Nach Beben in Haiti: Zehn Milliarden Dollar nötig
Nach dem schweren Erdbeben wird Haiti für viele Jahre auf Hilfe angewiesen sein. Eine Koordination der internationalen Hilfsprojekte ist notwendig. Die Angst vor Unruhen ist groß.
PORT-AU-PRINCE afp/dpa | Der schwer zerstörte Karibikstaat Haiti benötigt nach Ansicht der Dominikanischen Republik rund zehn Milliarden Dollar für den Wiederaufbau. Nötig sei ein fünfjähriges Hilfsprogramm, sagte Präsident Leonel Fernandez am Montag bei einem Treffen mit seinem haitianischen Amtskollegen René Préval in Santo Domingo. In der zerstörten Hauptstadt Haitis trafen 2200 US-Marinesoldaten ein, um der erschütternden Lage Herr zu werden.
Um die für Haiti benötige Hilfe sicherzustellen und zu kontrollieren seien eine "zentrale Behörde" in Haiti sowie eine Koordinierung auf internationaler Ebene nötig, sagte Fernandez, der mit Préval und Vertretern weiterer Länder der Region ein internationales Treffen für Haiti vorbereitete. US-Präsident Barack Obama schlug seinem brasilianischen Kollegen Luiz Inacio Lula da Silva vor, gemeinsam mit den USA und Kanada die Führung beim Krisenmanagement der humanitären Hilfe für Haiti zu übernehmen.

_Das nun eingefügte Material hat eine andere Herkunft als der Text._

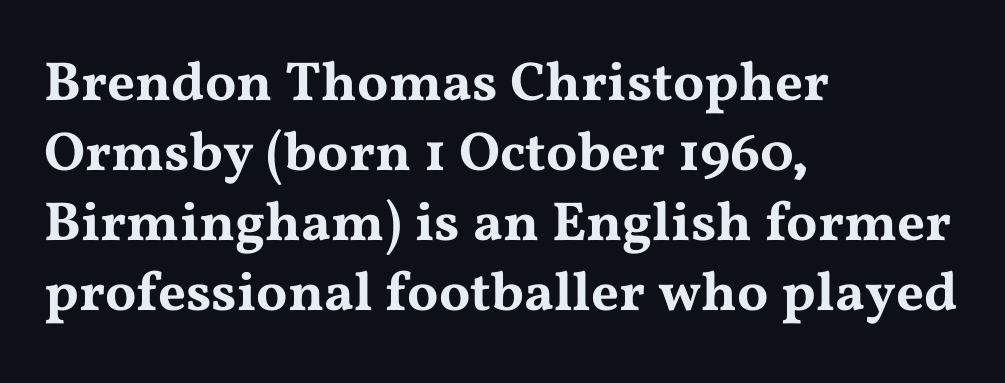
Upright lettering throughout. Little horizontal feet cap the strokes, marking this as serif type. Each letter keeps its own natural width here, so spacing adapts to shape. No word sits above an underline. Line spacing here is normal. Nobody touched the tracking dial on this one.
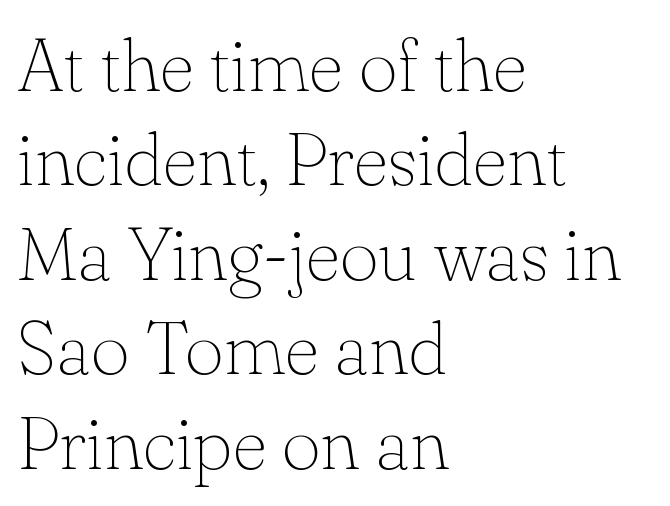
Between one letter and the next there's only the usual sliver of space. Is this a heavy cut? Hardly; it is regular or lighter. The characters display serif detailing at their extremities. Rule under the text: the space is simply empty.
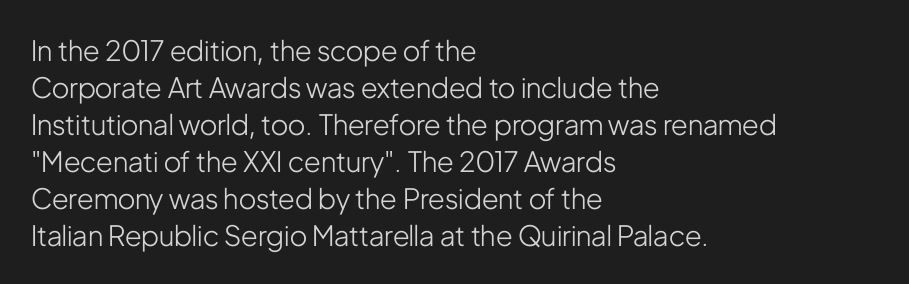
Q: Is the text bold? A: No.
Q: Is the text italic (slanted)? A: No, it is upright.
Q: Is the typeface a serif or a sans-serif typeface? A: Sans-serif.
Q: Is the text underlined? A: No.
Q: How is the paragraph aligned? A: Left-aligned.
Q: Is the spacing between letters normal or unusually wide? A: Normal.
Q: Is the spacing between lines tight, normal or loose? A: Normal.
Q: Width (condensed, normal, or wide)? A: Condensed.
Q: Stroke contrast? A: Low.
Q: x-height? A: Medium.
Q: Monospaced? A: No.
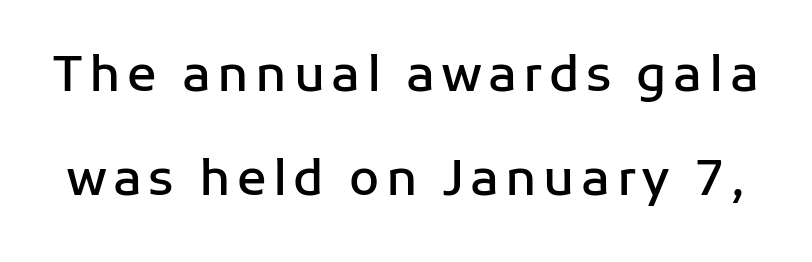
{"serif": "no", "italic": "no", "bold": "semi", "weight": "semibold", "width": "normal", "stroke_contrast": "low", "x_height": "medium", "monospaced": "no", "underline": "no", "line_spacing": "loose", "line_spacing_ratio": 2.13, "glyph_px": 49}
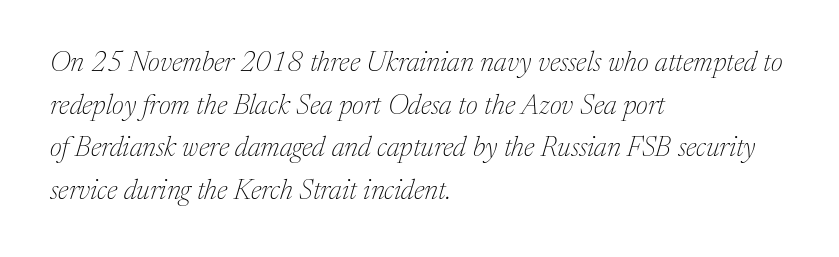
{"serif": "yes", "italic": "yes", "lean": "right", "slant_degrees": 17, "bold": "no", "weight": "thin", "width": "normal", "stroke_contrast": "medium", "x_height": "medium", "monospaced": "no", "underline": "no", "align": "left", "line_spacing": "normal", "line_spacing_ratio": 1.52, "letter_spacing": "normal", "letter_spacing_em": 0.0, "glyph_px": 28}
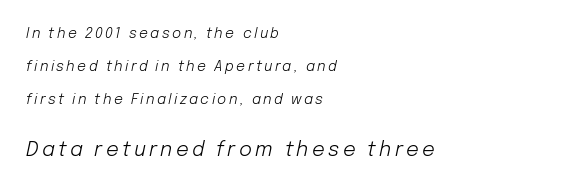
The image shows 20 px text type, italic (leaning right); set left-aligned, loose line spacing (2.34x), not underlined; the second (bottom) block is 1.43x larger.
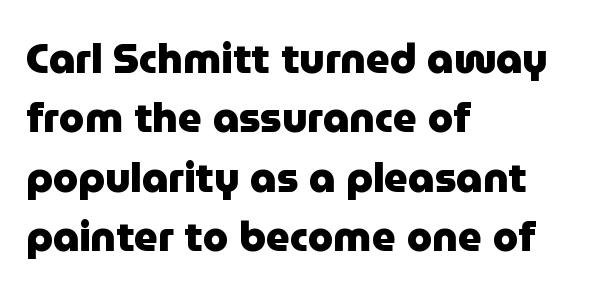
Notice how thick the strokes are: this is what a full bold looks like. Look at the bottom of the vertical strokes: they stop flat, with no serifs. The specimen reads as upright at a glance. In terms of letterspacing, this is plain default setting. Varying glyph widths throughout — classic text-font behaviour.
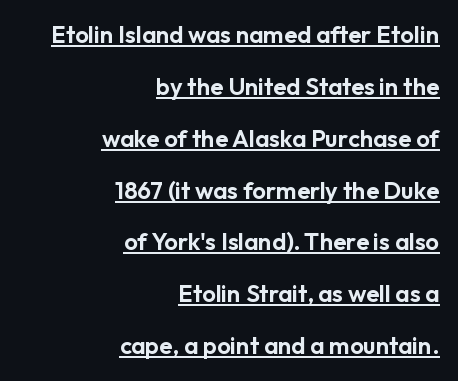
The typesetter has applied underlining to the passage shown. The compositor pushed each line to the right boundary. Glyph-to-glyph distance matches everyday printed text. Does the lettering tilt? It doesn't — this is upright.
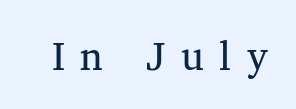
Q: Is the text bold? A: No.
Q: Is the text italic (slanted)? A: No, it is upright.
Q: Is the typeface a serif or a sans-serif typeface? A: Serif.
Q: Is the text underlined? A: No.
Q: Is the spacing between letters normal or unusually wide? A: Unusually wide.
Q: Width (condensed, normal, or wide)? A: Normal.
Q: Stroke contrast? A: Medium.
Q: x-height? A: Medium.
Q: Monospaced? A: No.
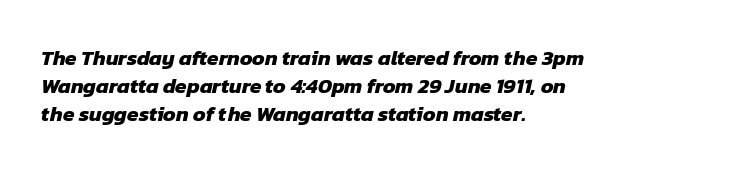
The image shows 21 px bold type; set left-aligned, normal line spacing (1.33x), normal letter spacing, not underlined.
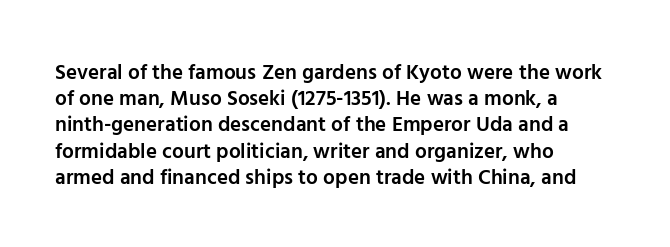
The image shows 21 px text type, upright; set left-aligned, normal line spacing (1.25x), normal letter spacing, not underlined.
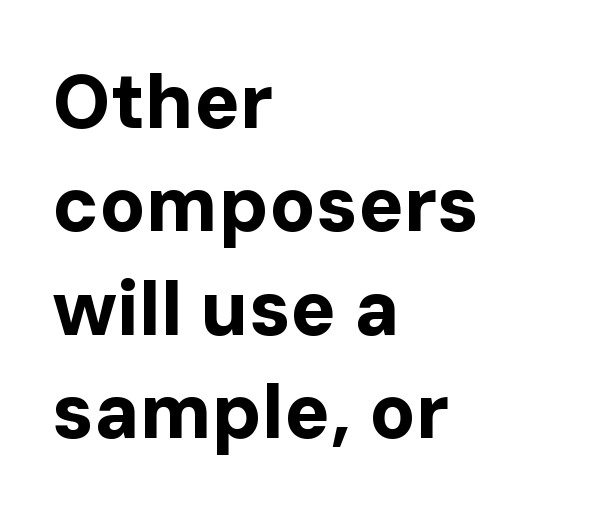
All the whitespace from short lines collects on the right. I'd describe the lettering as bold — thick and assertive. Do the characters align in a grid? No, the font is proportional. Ordinary non-slanted type is in use. Serifs: no, the terminals of the letterforms are clean. Students, observe: this is what conventionally led text looks like.
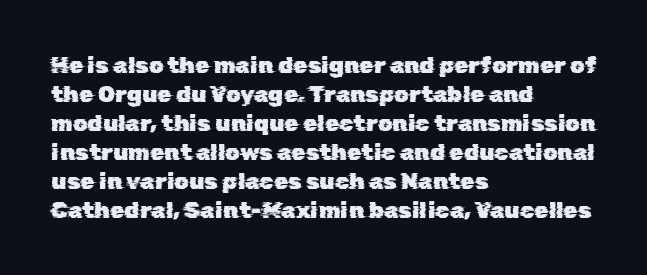
Q: Is the text underlined? A: No.
Q: How is the paragraph aligned? A: Left-aligned.
Q: Is the spacing between letters normal or unusually wide? A: Normal.
Q: Is the spacing between lines tight, normal or loose? A: Normal.
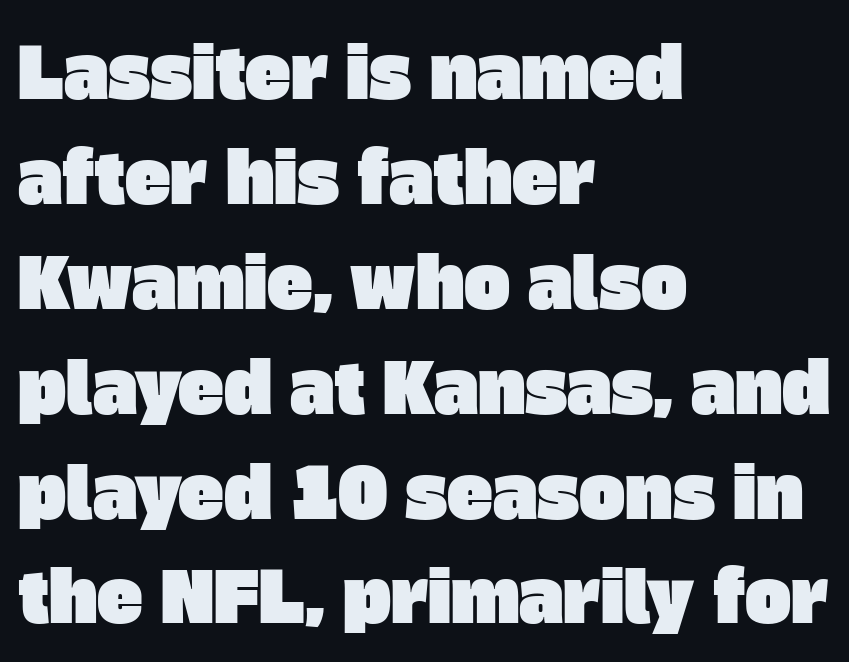
Q: Is the typeface a serif or a sans-serif typeface? A: Sans-serif.
Q: Is the text underlined? A: No.
Q: How is the paragraph aligned? A: Left-aligned.
Q: Is the spacing between letters normal or unusually wide? A: Normal.
Q: Is the spacing between lines tight, normal or loose? A: Normal.
Q: Width (condensed, normal, or wide)? A: Normal.
Q: Stroke contrast? A: Low.
Q: x-height? A: Large.
Q: Monospaced? A: No.
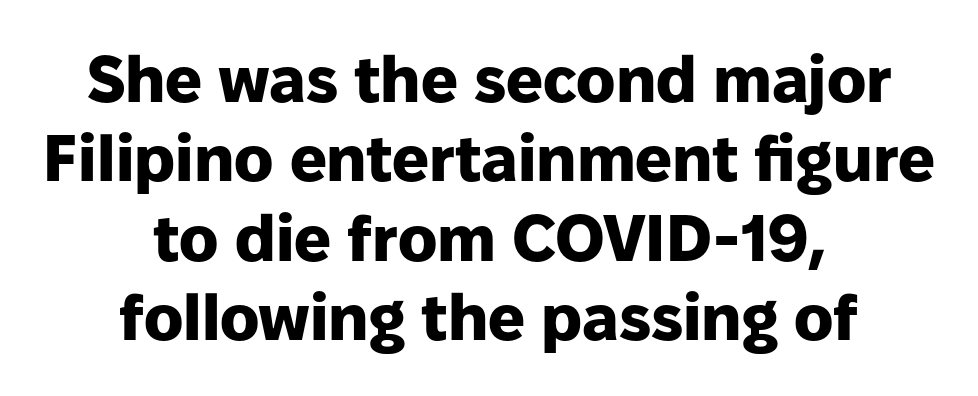
The image shows 65 px heavy sans-serif type, upright; set centered, line spacing 1.22x, normal letter spacing, not underlined; low stroke contrast and a medium x-height.
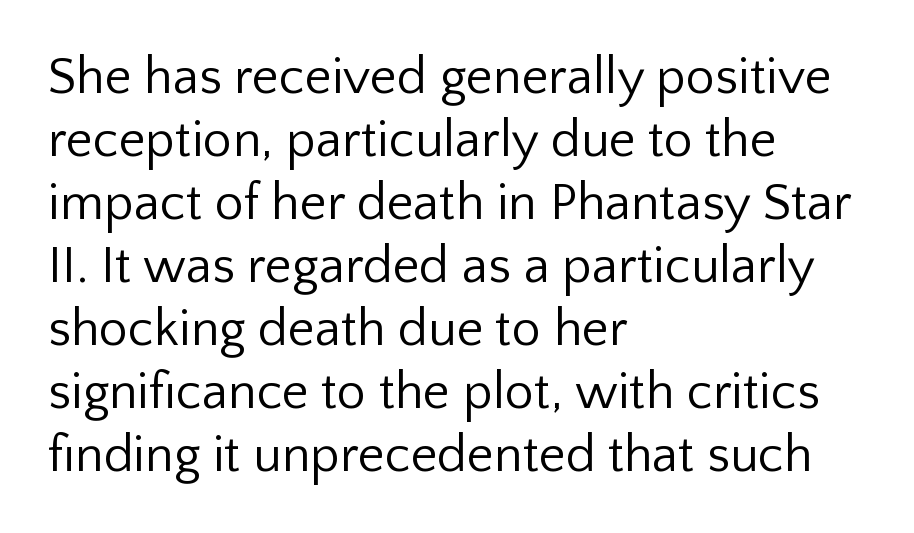
The image shows 52 px regular-weight sans-serif type, upright; set left-aligned, line spacing 1.21x, normal letter spacing, not underlined; low stroke contrast and a medium x-height.
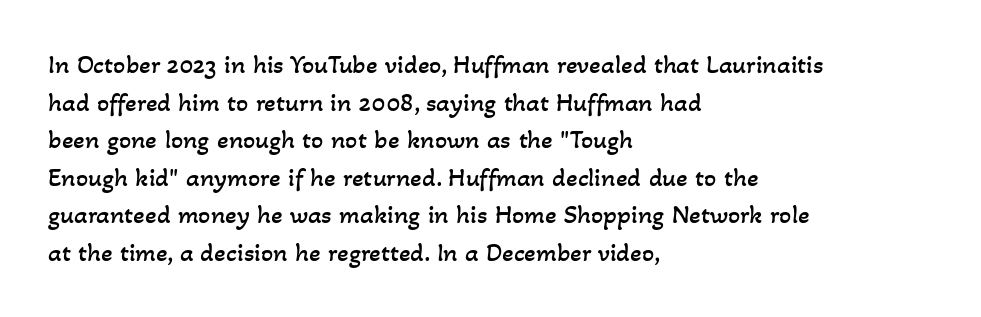
The image shows 27 px text type; set left-aligned, normal line spacing (1.39x), normal letter spacing, not underlined.
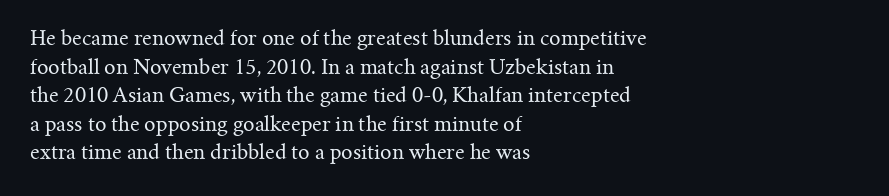
The image shows 20 px text type, upright; set left-aligned, normal line spacing (1.43x), normal letter spacing, not underlined.
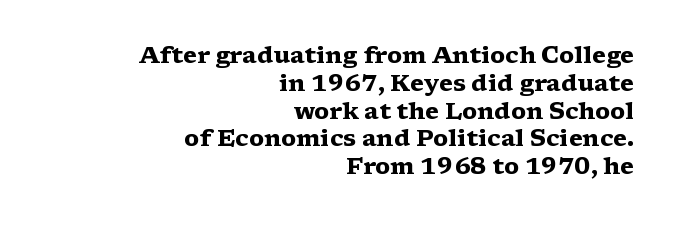
The area under the type is left untouched. Tracking here is standard; glyphs follow each other at the usual distance. Every row of glyphs terminates at an identical x-position on the right. Heavy, bold letterforms. A typesetter would mark this as roman, not italic.
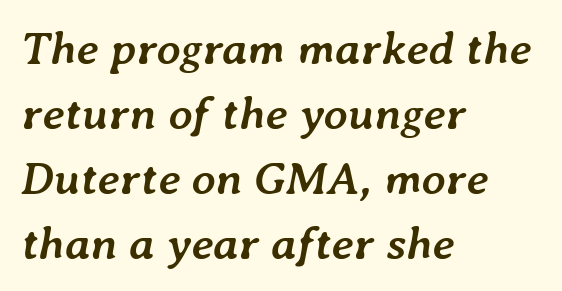
The image shows 47 px semibold type, italic (leaning right); set left-aligned, normal line spacing (1.38x), normal letter spacing, not underlined; low stroke contrast and a medium x-height.

In der schwer von dem Erdbeben gezeichneten haitianischen Hauptstadt Port-au-Prince traf ein US-Amphibienschiff mit 2200 Marinesoldaten an Bord ein. Nach US-Angaben haben die Soldaten Nahrungsmittel, Wasser und Medikamente an Bord, die Verteilung der Güter solle umgehend beginnen.
Das Rote Kreuz warnte vor einem Ansteigen der Gewalt in dem Katastrophengebiet, unter den Überlebenden nahmen aus Verzweiflung über die vielerorts noch ausbleibende Hilfe Plünderungen zu. "Die Nerven liegen blank, während den hungrigen und durstigen Überlebenden langsam bewusst wird, was sie verloren haben", erklärte das Internationale Komitee vom Roten Kreuz (IKRK).
In der zerstörten haitianischen Hauptstadt Port-au-Prince gab es nach Angaben von Ärzten bereits die ersten Opfer gewaltsamer Auseinandersetzungen. Die Hilfsorganisation Ärzte ohne Grenzen berichtete in einer Telefonkonferenz von Menschen mit Schuss- und Stichverletzungen. Auch am Flughafen seien Schüsse zu hören gewesen.
Das Welternährungsprogramm (WFP) verteilte mehr als 100.000 Essensrationen und etwa 20.000 Zelte an die zahlreichen Obdachlosen nach der Katastrophe. Das Erdbeben der Stärke 7.0 hatte den bitterarmen Inselstaat am vergangenen Dienstag erschüttert. Mindestens 70.000 Menschen starben, Experten rechnen inzwischen mit bis zu 200.000 Todesopfern.
Die USA lockerten unterdessen die Einreisebestimmungen für haitianische Waisenkinder, die in den USA bereits für eine Adoption zugelassen wurden. Nach Angaben der US-Heimatschutzministerin Janet Napolitano dürfen die Kinder auch ohne ausreichende Papiere in die USA einreisen, um dort "die benötigte Hilfe" zu erhalten. Frankreich erwog am Montag eine ähnliche Ausnahmeregelung.
Der UN-Sondergesandte für Haiti, Bill Clinton, wies Vorwürfe, die Hilfe erreiche die Opfer zu langsam, zurück. Bei dem Erdbeben sei die "gesamte Infrastruktur zusammengebrochen, und die bauen wir jetzt wieder auf", sagte Clinton am Montag nach einer ersten Tour durch die zerstörte haitianische Hauptstadt. Anschließend besuchte er das Krankenhaus von Port-au-Prince.
Demgegenüber mahnte Bundesentwicklungsminister Dirk Niebel (FDP) eine zügigere Versorgung der Erdbebenopfer in Haiti an. Bislang habe die internationale Hilfe erst einen Bruchteil der betroffenen Haitianer erreicht, sagte Niebel der "Saarbrücker Zeitung" vom Dienstag. Dies müsse in den nächsten Tagen "dringend ausgeweitet werden".